# ACTIVITY
From the listing below, give again exactly the lines from the line with "#5197 = CIRCLE ( 'NONE', #3529, 0.64 ) ;" to the line with "FILE_DESCRIPTION(/* description */", ends included, without any pictures.

# SUPPLIED MATERIAL
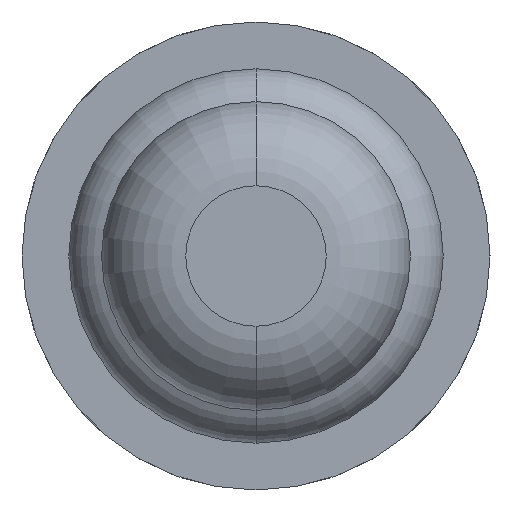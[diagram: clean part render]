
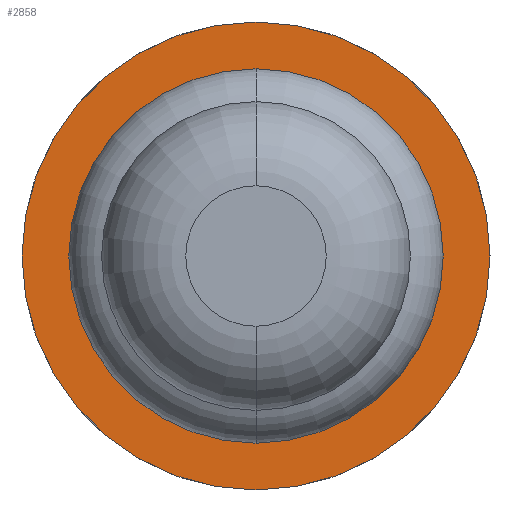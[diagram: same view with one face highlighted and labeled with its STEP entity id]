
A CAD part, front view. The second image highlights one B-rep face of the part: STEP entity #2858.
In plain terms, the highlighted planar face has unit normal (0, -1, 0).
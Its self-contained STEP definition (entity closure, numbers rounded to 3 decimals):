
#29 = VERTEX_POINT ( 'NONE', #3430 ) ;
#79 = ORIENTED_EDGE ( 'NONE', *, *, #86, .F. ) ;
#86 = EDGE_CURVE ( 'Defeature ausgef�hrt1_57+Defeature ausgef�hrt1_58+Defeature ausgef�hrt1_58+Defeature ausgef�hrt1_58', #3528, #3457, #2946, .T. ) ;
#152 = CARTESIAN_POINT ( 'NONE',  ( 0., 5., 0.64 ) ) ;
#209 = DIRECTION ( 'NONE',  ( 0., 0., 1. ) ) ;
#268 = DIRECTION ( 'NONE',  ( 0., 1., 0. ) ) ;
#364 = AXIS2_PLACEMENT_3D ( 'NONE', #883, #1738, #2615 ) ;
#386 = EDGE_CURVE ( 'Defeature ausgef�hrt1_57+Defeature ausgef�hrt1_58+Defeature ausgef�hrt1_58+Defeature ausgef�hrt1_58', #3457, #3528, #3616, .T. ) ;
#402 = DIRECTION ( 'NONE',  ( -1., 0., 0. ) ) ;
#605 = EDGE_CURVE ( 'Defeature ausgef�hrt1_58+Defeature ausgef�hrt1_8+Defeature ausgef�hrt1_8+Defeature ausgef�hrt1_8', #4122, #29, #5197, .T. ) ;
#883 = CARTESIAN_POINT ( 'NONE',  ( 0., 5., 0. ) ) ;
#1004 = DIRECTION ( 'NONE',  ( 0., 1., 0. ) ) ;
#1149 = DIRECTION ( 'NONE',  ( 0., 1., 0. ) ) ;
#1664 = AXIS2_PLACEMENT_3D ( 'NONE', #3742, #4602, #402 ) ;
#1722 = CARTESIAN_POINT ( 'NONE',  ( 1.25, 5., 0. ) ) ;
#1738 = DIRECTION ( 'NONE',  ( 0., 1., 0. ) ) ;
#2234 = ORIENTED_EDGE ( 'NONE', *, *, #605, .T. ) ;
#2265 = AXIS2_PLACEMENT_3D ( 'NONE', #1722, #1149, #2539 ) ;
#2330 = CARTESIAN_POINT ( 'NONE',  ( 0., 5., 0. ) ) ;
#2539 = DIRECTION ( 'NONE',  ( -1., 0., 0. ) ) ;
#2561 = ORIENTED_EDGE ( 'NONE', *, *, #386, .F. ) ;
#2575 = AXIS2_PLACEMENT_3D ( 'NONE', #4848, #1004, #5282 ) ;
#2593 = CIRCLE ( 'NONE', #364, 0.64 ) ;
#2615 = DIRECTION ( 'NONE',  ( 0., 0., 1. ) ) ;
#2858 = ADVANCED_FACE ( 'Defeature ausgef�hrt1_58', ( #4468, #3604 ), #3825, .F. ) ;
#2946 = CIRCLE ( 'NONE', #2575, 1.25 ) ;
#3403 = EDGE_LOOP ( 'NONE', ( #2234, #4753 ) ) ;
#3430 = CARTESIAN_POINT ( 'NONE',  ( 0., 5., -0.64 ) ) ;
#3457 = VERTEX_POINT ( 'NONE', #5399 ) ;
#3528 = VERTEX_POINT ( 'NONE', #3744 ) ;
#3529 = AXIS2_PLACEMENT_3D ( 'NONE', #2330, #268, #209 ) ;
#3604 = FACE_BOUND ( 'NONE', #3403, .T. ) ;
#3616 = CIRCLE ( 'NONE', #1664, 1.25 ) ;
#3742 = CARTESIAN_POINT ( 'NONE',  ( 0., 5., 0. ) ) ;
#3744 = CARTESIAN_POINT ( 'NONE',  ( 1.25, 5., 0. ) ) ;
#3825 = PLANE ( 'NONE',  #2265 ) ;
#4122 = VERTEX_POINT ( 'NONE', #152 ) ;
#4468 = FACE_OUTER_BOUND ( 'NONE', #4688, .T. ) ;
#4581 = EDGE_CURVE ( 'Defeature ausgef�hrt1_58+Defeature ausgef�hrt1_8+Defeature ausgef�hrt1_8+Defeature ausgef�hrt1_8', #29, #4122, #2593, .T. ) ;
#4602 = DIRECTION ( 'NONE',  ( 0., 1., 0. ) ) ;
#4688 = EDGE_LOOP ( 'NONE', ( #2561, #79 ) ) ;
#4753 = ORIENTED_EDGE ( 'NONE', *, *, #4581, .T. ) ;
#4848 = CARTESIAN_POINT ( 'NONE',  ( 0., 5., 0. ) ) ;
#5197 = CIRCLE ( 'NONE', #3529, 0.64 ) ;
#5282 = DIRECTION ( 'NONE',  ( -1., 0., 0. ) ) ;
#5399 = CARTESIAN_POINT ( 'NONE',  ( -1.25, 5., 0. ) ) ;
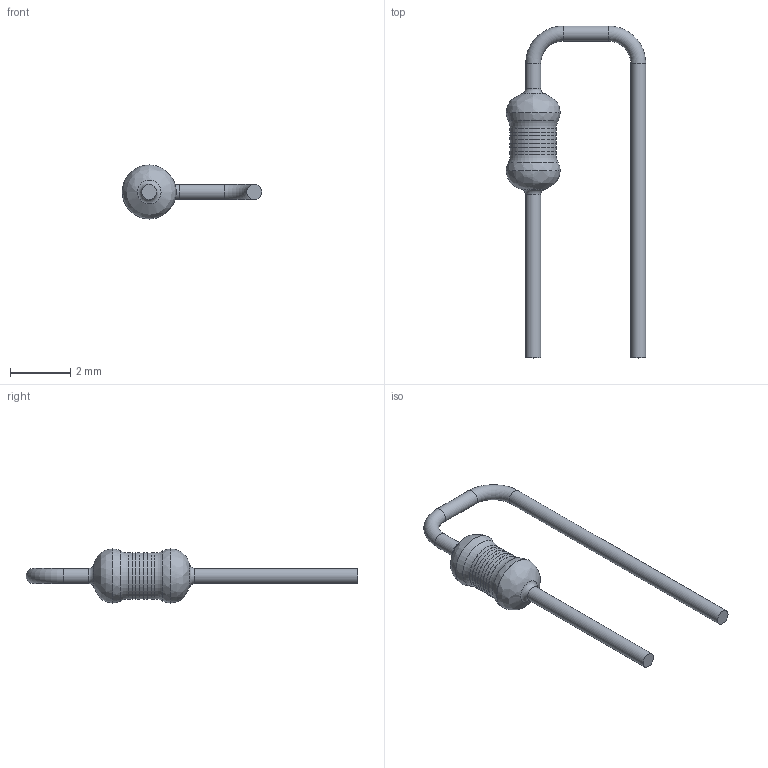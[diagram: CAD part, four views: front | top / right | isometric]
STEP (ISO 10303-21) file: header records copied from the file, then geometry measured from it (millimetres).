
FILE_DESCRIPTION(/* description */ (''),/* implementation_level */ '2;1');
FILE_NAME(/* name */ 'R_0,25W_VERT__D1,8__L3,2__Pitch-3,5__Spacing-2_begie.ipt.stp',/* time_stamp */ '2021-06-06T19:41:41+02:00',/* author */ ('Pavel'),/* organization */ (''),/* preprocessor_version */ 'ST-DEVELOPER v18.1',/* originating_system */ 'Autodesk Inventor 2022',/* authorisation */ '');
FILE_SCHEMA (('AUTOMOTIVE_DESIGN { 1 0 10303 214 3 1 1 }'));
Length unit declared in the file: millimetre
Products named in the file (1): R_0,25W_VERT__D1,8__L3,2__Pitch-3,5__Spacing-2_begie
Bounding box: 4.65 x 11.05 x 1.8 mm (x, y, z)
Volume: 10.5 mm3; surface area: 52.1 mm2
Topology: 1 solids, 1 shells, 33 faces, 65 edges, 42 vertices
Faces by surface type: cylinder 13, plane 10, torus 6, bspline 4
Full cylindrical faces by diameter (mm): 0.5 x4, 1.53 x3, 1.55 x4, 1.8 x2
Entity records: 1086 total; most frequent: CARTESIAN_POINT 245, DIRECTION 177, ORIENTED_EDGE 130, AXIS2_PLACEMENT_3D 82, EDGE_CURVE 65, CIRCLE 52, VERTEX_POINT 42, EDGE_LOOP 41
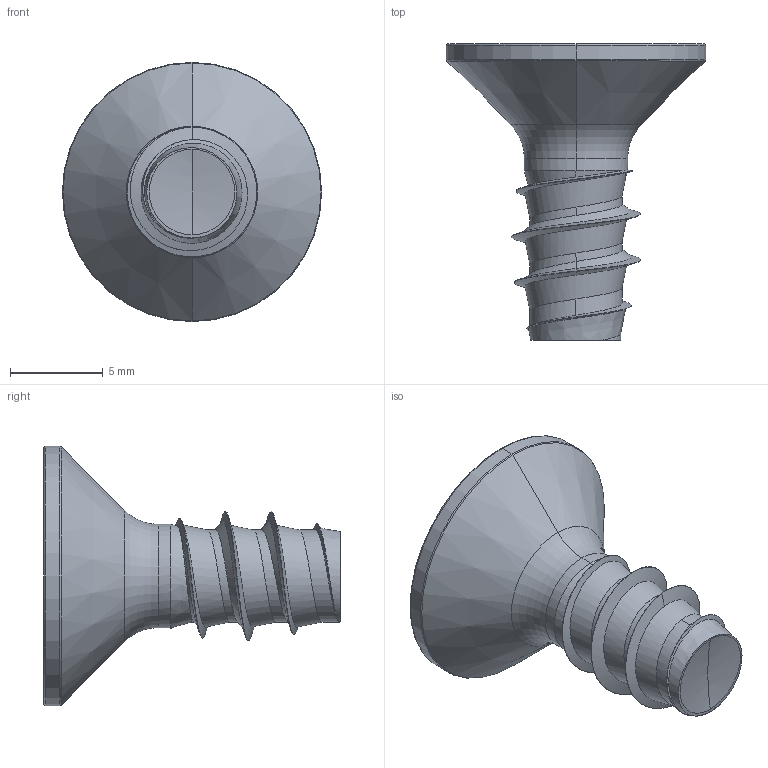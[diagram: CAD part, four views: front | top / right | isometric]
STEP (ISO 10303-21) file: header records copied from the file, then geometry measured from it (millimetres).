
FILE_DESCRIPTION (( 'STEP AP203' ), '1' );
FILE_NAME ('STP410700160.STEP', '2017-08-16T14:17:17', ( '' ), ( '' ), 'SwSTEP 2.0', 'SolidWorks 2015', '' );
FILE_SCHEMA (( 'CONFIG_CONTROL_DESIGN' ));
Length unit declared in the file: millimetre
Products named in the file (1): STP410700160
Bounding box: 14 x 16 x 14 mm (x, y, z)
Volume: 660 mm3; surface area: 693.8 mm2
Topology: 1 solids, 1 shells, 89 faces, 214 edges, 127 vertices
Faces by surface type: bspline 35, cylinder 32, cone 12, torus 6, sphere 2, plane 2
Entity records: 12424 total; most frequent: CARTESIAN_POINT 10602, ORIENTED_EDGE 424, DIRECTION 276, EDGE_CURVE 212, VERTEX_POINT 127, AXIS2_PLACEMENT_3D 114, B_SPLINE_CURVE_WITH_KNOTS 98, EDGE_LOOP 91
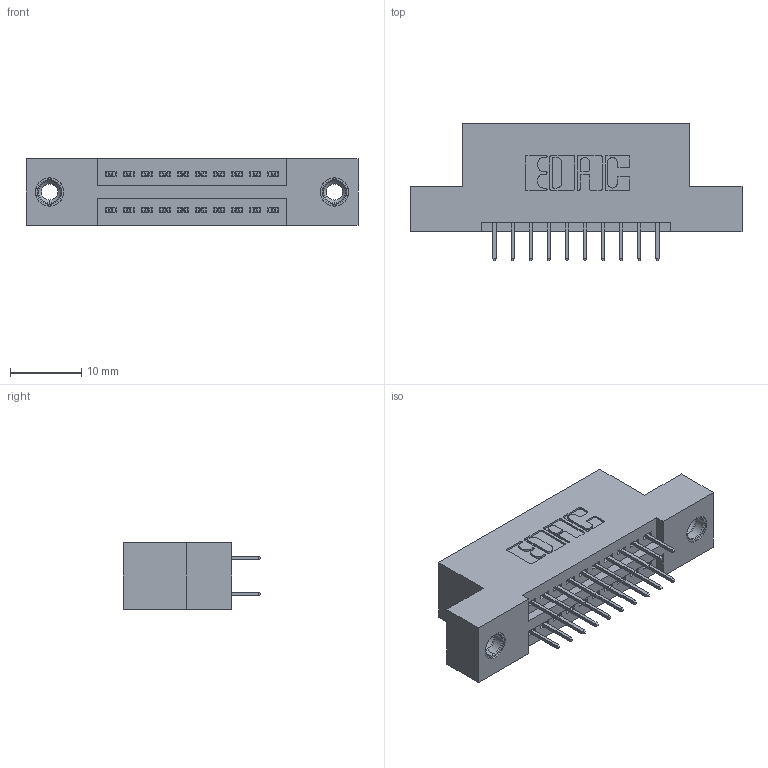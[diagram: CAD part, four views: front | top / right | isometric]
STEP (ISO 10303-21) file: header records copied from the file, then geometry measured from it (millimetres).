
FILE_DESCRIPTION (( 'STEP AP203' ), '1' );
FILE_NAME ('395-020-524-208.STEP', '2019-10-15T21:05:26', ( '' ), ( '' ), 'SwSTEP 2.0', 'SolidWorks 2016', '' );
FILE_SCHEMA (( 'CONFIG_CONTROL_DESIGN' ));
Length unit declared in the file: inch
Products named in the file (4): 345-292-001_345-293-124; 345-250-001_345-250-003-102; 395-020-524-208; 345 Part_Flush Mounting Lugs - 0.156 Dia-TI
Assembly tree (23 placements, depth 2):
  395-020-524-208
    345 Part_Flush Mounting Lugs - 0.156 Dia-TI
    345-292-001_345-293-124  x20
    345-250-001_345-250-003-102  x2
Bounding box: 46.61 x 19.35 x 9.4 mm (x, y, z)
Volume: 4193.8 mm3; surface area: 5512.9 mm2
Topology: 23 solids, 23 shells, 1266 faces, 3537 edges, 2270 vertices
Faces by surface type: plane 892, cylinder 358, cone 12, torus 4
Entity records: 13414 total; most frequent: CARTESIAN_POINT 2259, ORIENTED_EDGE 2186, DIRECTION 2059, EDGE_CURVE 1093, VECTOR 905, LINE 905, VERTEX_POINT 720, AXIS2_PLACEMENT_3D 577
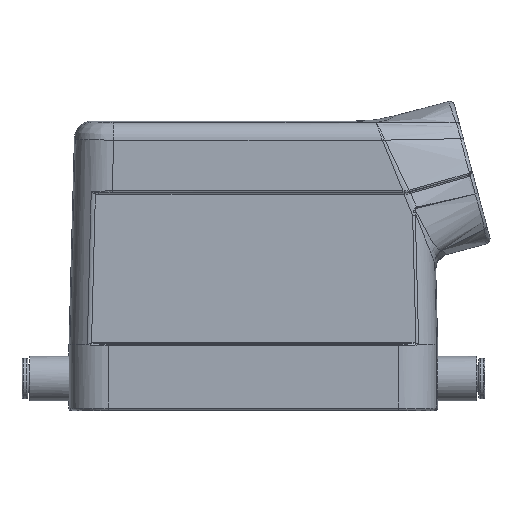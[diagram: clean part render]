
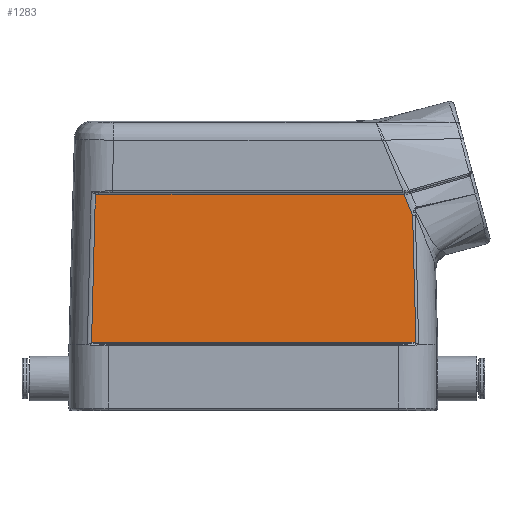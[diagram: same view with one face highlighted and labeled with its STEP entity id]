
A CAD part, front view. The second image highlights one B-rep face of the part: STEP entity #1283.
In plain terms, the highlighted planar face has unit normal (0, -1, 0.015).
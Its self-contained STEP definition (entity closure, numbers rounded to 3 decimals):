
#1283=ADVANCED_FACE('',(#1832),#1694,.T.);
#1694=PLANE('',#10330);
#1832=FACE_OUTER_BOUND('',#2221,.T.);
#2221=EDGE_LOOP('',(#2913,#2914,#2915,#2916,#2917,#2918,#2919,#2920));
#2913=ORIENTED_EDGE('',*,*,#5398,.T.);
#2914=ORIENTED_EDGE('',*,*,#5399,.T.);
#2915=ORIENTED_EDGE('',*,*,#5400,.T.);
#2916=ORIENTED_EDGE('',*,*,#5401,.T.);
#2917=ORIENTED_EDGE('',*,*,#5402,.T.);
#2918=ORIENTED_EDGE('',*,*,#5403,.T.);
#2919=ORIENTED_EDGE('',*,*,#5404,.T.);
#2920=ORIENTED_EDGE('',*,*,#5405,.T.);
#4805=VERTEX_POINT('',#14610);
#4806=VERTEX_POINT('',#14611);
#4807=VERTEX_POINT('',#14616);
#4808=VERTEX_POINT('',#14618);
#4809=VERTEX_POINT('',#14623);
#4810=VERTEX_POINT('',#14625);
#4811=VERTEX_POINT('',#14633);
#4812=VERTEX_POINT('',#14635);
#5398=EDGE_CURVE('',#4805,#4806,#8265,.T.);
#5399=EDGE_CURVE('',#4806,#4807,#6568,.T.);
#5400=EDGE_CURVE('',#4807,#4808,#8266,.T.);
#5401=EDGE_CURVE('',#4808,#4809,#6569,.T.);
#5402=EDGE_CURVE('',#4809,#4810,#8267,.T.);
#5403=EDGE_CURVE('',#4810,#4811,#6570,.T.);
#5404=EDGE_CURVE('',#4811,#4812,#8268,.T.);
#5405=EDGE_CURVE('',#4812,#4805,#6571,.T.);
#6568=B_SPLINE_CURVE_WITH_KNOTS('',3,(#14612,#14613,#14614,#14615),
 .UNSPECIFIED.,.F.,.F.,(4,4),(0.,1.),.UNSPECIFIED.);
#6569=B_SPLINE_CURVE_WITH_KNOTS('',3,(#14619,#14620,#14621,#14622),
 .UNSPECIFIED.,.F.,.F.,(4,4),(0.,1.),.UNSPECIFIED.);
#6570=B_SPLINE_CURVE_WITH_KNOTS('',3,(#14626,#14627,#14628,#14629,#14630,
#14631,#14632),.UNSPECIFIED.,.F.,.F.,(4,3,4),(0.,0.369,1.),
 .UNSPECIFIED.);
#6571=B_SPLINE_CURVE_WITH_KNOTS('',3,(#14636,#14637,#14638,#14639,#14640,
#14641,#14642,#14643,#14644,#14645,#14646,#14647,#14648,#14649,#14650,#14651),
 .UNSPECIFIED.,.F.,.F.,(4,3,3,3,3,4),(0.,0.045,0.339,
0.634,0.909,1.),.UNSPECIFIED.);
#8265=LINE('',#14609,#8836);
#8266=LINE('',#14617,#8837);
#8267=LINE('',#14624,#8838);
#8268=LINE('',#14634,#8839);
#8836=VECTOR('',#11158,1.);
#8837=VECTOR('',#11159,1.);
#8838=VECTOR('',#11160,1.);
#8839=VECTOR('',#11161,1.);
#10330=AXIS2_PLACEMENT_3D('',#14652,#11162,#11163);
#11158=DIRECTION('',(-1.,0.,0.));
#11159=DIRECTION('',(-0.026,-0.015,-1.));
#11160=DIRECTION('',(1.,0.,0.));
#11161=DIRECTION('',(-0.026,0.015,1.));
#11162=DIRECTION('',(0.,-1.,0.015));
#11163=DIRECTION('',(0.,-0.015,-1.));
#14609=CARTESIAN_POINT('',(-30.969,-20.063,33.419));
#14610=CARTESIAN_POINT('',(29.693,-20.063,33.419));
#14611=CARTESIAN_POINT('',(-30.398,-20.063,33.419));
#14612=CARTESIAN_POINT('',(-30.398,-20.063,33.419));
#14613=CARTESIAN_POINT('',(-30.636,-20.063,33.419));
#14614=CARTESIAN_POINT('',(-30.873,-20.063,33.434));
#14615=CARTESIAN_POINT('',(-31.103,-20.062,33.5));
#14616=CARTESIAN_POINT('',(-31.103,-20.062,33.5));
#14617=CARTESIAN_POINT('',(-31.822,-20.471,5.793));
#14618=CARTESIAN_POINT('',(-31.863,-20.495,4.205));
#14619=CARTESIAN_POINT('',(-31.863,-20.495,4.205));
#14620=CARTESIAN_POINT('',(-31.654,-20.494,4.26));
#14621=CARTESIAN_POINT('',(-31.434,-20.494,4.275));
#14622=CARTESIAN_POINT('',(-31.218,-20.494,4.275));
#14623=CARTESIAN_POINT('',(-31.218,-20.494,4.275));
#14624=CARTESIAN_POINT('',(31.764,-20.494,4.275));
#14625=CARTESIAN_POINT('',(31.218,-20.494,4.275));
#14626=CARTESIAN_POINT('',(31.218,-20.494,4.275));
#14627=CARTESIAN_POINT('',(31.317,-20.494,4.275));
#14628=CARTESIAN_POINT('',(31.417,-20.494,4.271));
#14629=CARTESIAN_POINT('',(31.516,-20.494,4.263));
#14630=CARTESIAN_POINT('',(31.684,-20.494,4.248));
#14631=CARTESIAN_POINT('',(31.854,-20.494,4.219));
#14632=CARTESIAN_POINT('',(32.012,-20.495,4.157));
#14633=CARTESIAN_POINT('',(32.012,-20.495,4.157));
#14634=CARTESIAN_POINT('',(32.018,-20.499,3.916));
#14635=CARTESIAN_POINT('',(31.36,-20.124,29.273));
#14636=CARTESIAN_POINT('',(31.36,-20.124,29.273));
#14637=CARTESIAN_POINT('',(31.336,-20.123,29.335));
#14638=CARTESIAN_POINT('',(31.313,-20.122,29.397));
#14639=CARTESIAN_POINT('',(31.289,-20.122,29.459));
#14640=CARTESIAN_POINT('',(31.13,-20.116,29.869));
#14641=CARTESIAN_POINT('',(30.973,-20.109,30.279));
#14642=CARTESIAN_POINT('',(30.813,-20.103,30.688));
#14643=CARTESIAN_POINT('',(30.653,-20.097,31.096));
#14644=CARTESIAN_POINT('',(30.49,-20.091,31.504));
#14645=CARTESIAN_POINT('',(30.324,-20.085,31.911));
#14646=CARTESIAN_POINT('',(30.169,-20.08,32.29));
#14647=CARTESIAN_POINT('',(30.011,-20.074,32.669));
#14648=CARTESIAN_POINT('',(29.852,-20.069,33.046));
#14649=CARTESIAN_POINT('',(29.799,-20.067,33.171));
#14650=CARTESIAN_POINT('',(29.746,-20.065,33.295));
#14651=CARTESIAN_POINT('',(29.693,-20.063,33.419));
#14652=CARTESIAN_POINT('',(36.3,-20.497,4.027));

# EXERCISE SOLUTION
#5197 = CIRCLE ( 'NONE', #3529, 0.64 ) ;
#5282 = DIRECTION ( 'NONE',  ( -1., 0., 0. ) ) ;
#5399 = CARTESIAN_POINT ( 'NONE',  ( -1.25, 5., 0. ) ) ;
[diagram: CAD part, four views: front | top / right | isometric]
STEP (ISO 10303-21) file: header records copied from the file, then geometry measured from it (millimetres).
FILE_DESCRIPTION(/* description */ (''),/* implementation_level */ '2;1');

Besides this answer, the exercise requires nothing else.